**Try it:** For each line of the material, write out an exact copy.

[Start of Attachment]

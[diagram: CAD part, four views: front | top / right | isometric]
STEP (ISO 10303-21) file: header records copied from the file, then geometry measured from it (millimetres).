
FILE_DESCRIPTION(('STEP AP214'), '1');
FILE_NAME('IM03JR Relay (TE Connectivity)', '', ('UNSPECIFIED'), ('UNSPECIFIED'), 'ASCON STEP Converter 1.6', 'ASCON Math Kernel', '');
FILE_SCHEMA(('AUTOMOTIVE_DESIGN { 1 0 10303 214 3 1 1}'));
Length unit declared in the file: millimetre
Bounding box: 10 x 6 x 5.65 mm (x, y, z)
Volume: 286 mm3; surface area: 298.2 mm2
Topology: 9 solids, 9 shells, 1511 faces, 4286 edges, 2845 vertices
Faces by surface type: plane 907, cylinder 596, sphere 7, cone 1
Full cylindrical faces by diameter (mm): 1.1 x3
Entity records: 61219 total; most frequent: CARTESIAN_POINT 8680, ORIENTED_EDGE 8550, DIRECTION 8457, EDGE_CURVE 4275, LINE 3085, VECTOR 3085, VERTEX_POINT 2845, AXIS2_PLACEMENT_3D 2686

[End of Attachment]

**Reply:**
[diagram: CAD part, four views: front | top / right | isometric]
STEP (ISO 10303-21) file: header records copied from the file, then geometry measured from it (millimetres).
FILE_DESCRIPTION(('STEP AP214'), '1');
FILE_NAME('IM03JR Relay (TE Connectivity)', '', ('UNSPECIFIED'), ('UNSPECIFIED'), 'ASCON STEP Converter 1.6', 'ASCON Math Kernel', '');
FILE_SCHEMA(('AUTOMOTIVE_DESIGN { 1 0 10303 214 3 1 1}'));
Length unit declared in the file: millimetre
Bounding box: 10 x 6 x 5.65 mm (x, y, z)
Volume: 286 mm3; surface area: 298.2 mm2
Topology: 9 solids, 9 shells, 1511 faces, 4286 edges, 2845 vertices
Faces by surface type: plane 907, cylinder 596, sphere 7, cone 1
Full cylindrical faces by diameter (mm): 1.1 x3
Entity records: 61219 total; most frequent: CARTESIAN_POINT 8680, ORIENTED_EDGE 8550, DIRECTION 8457, EDGE_CURVE 4275, LINE 3085, VECTOR 3085, VERTEX_POINT 2845, AXIS2_PLACEMENT_3D 2686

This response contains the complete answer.